Your goal: From the line that contains "share of the ground: > 75 %" to the final line of the entries, return every line exactly and leave out all others.

Supplied material:
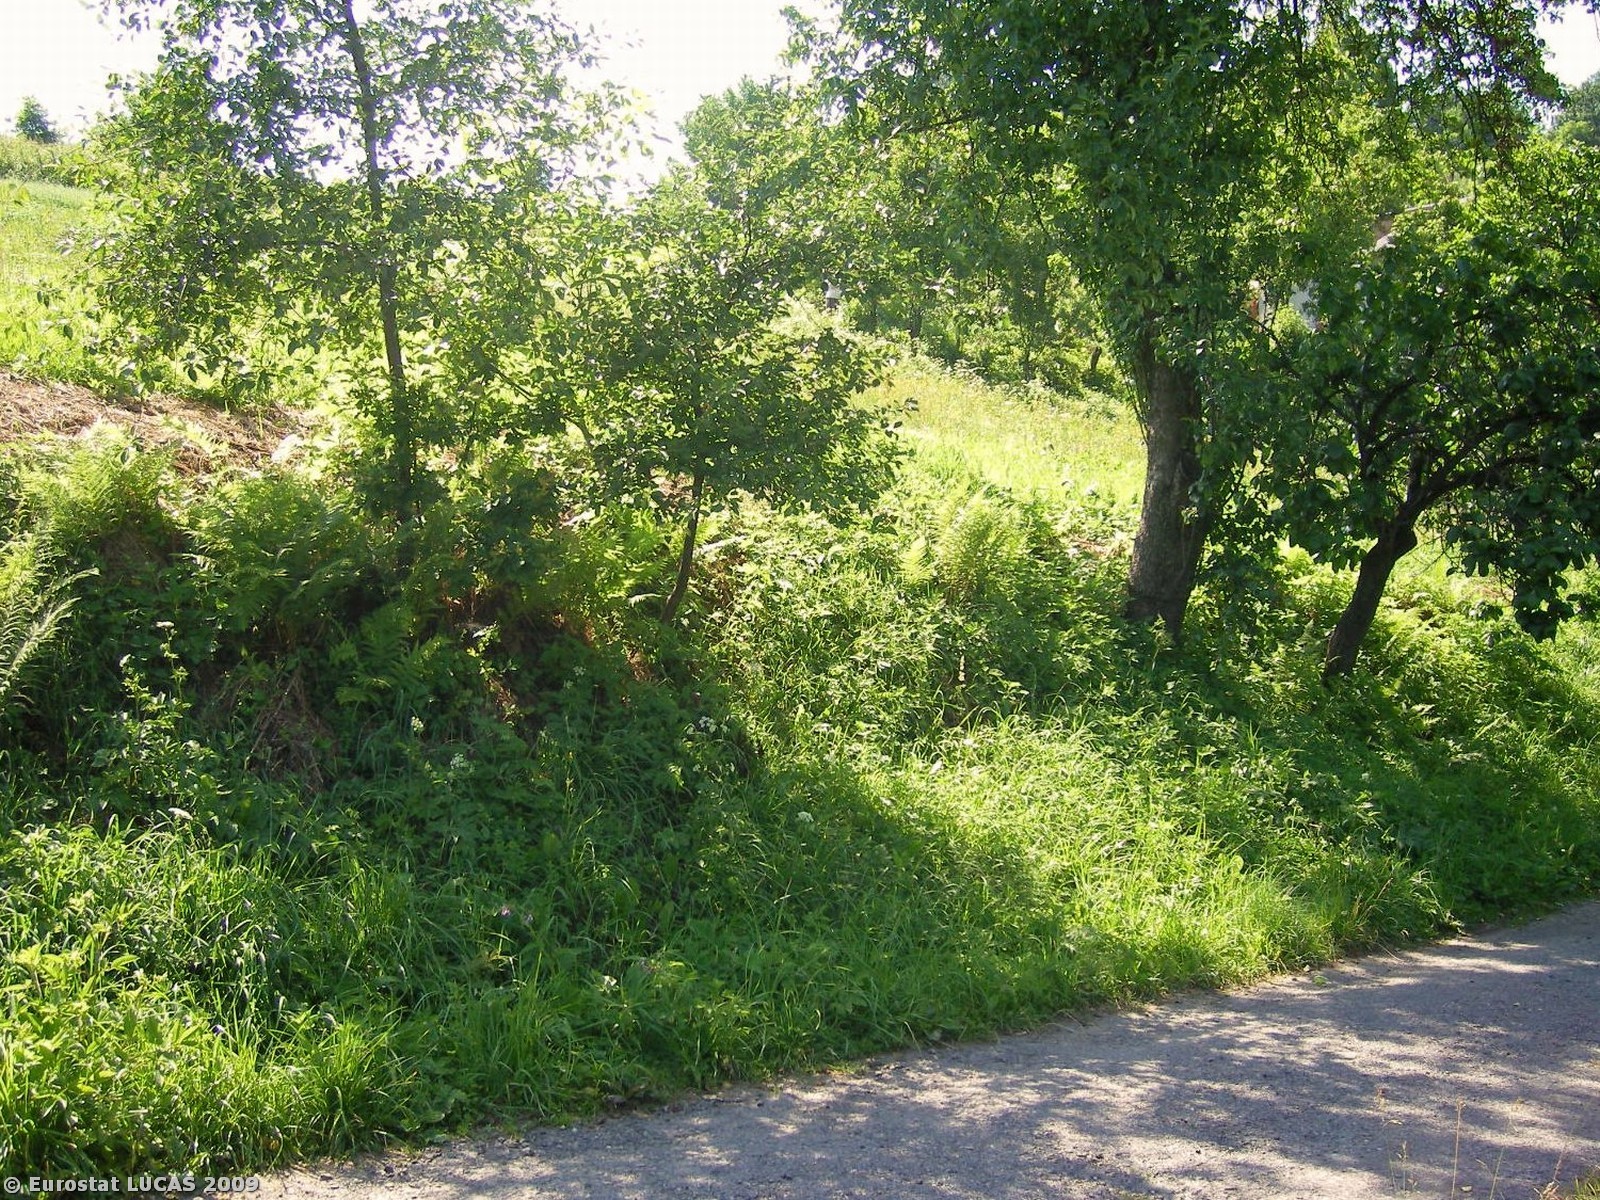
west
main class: Grassland
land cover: Grassland without tree/shrub cover
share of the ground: > 75 %
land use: Road transport
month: September
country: PL
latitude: 49.8428
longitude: 19.6933

Answer space:
share of the ground: > 75 %
land use: Road transport
month: September
country: PL
latitude: 49.8428
longitude: 19.6933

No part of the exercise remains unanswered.